In the minutes before the insanity, the teenager alone in the Davis home in Piedmont had lost his sanity. The game was over, his beloved Raiders had won, and he was sprinting about the house yelling and screaming and bouncing on the furniture.

Exactly 40 years later, Mark Davis is the team's managing general partner and his childhood memory remains. He vividly recalls how those moments of unrestrained joy turned to overwhelming sorrow somehow quickly and slowly at once.

"I went absolutely berserk," he says. "I went from room to room, jumping on the beds, jumping on the couch.

"Then I came back down to watch, you know, the end of it. And all of a sudden ... it was like sudden death."

It certainly was for the Raiders' 1972 season. They had been buried by one final and incredibly shocking turn of events, the kind of play not seen before or since in the NFL.

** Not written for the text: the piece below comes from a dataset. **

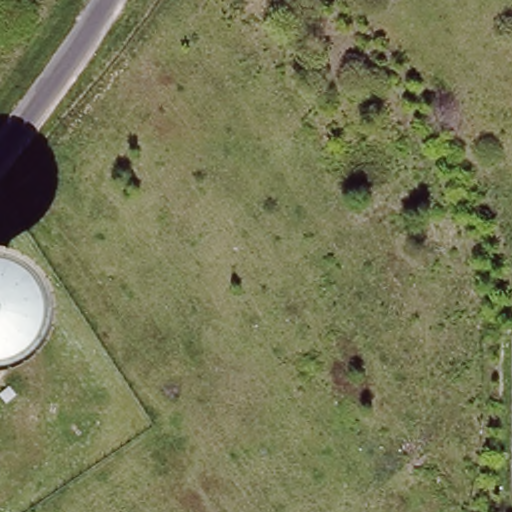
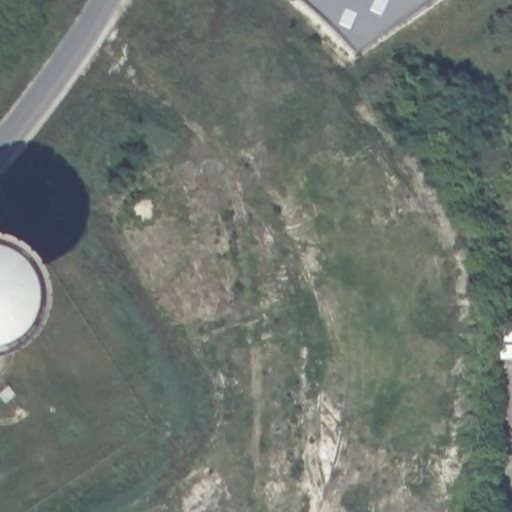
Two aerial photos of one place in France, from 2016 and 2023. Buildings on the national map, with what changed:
new [(358,54),(301,0),(437,0),(358,54)]

Now commonly referred to as the "Immaculate Reception," the controversial play Davis and millions of football fans can't forget took place on Dec. 23, 1972, and has a distinctive place in football lore. It occurred on the last play of the AFC Divisional playoff game between Oakland and Pittsburgh at Three Rivers Stadium.

Of the many painful moments in Raiders history, none is more haunting or agonizing.